Roxanne, Lebo and Mignon signed up for the jump immediately, keyed up to plunge into the mouth of madness, while Linlee and I settled for the flying fox, a 200m cable slide zip wire out onto the archway of the bridge to watch them take the plunge.
We have a lot of distance to cover – its 7 pm by the time we get off the bikes! We gratefully arrive at our lodgings Lyngenfjord Guest House in Cape St Francis. The house is filled with antique cape dutch furniture from the 1800’s, family pictures and a lot of warmth for weary travellers.
Day 4
Cape St Francis to East London – 411kms
With over 400km to cover we set out on our Jonway scooters with throttles wide open at 9am. Leaving Cape St Francis, we eventually realized that we were in the Eastern Cape and that things work differently on the roads – much, much differently. We passed through Grahamstown and got horribly lost.I know what you’re thinking – how on earth does one get lost in a small town?! To that I would answer: with a GPS. We arrived in East London at 7pm and found relief in our accommodation and food at the Garden Court hotel East London. Finally, the longest stretch is over, and the bikes are still motoring along comfortably.
Day 5
East London to Port St Johns 320kms
It’s a beautiful morning with an interesting inland ride up ahead. Breakfast is pleasantly served at Garden Court hotel and now it’s time to hit some tar.
East London is known as the ‘Buffalo City’ – long before written history the banks of the Buffalo River and the seashore were inhabited by early man; Nahoon footprints found in this area have been dated at been 200,000 years old, and the oldest fossilized human footprints found in the world. In more recent history the area was home to the Khoisan Bushman tribes.
East London is also the abode the original Coelacanth specimen – a prehistoric fish that has lived in the Indian Ocean for 400 million years, thought to be extinct until it was re-discovered in 1938. The discovery of a live Coelacanth in the East London harbour was regarded internationally as the most significant zoological find of the century.
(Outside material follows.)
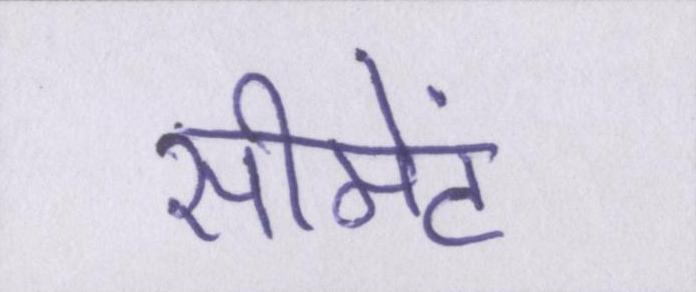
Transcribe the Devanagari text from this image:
सीमेंट

Both Nelson Mandela and the fellow former president of South Africa, Thabo Mbeki, have their roots in the Eastern Cape, and its occurred to me as we are travelling what an incredible country we live in – every town we pass through has its own history and the land we are riding in between keeps changing – from the untamed coastline and jagged mountains of the cape, to the emerald Tsitsikamma Forest, lagoons of Knysna and rolling gold hills of the eastern cape. We are truly blessed.
We arrive at Port St Johns at nightfall and check into a local backpacker’s resort. Mignon is amused to find cows strolling on the beach, and after sitting around a gorgeous bonfire we fall asleep to the sound of guests drumming and singing.
Day 6
Port St Johns to Durban -360kms
Our last stretch to our destination, and I’m sure everyone is thinking the same thought- We’ve done it! The home stretch lies right ahead and the bikes have come through for us. We are all attached to our bikes and I believe we are all silently contemplating buying a scooter soon!
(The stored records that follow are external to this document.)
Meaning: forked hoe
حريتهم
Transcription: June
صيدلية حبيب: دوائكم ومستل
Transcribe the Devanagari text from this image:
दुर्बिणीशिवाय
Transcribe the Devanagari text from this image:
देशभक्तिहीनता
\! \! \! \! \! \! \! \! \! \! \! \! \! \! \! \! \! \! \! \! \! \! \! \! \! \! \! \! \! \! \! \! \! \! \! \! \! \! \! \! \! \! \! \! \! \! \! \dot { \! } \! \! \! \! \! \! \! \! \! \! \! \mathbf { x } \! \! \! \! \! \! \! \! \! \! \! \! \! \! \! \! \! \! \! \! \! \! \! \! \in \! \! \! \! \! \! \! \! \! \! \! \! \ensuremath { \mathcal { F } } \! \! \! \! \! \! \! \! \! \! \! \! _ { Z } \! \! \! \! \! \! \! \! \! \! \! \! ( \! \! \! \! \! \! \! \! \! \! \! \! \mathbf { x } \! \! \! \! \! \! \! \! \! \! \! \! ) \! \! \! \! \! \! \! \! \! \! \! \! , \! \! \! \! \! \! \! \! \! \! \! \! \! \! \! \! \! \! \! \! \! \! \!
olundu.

For the most part, the scooters have been so much fun. Cheaper to run than cars, speedy and effortless to ride. Apart from cost efficiency there is an environmental element to observe, women especially feel a need to ‘tread lightly on the earth’.
As this journey ends I’m certainly feeling a sense of accomplishment and I couldn’t be prouder of the girls – they have covered enough distance to qualify our run as one of the longest ride-for-charity challenges in South Africa ever.
The bikes pass under the gigantic arches of the Moses Mabida Stadium and the crew are jubilant. The bikes are parked in the afternoon sun and we are interviewed for SABC television.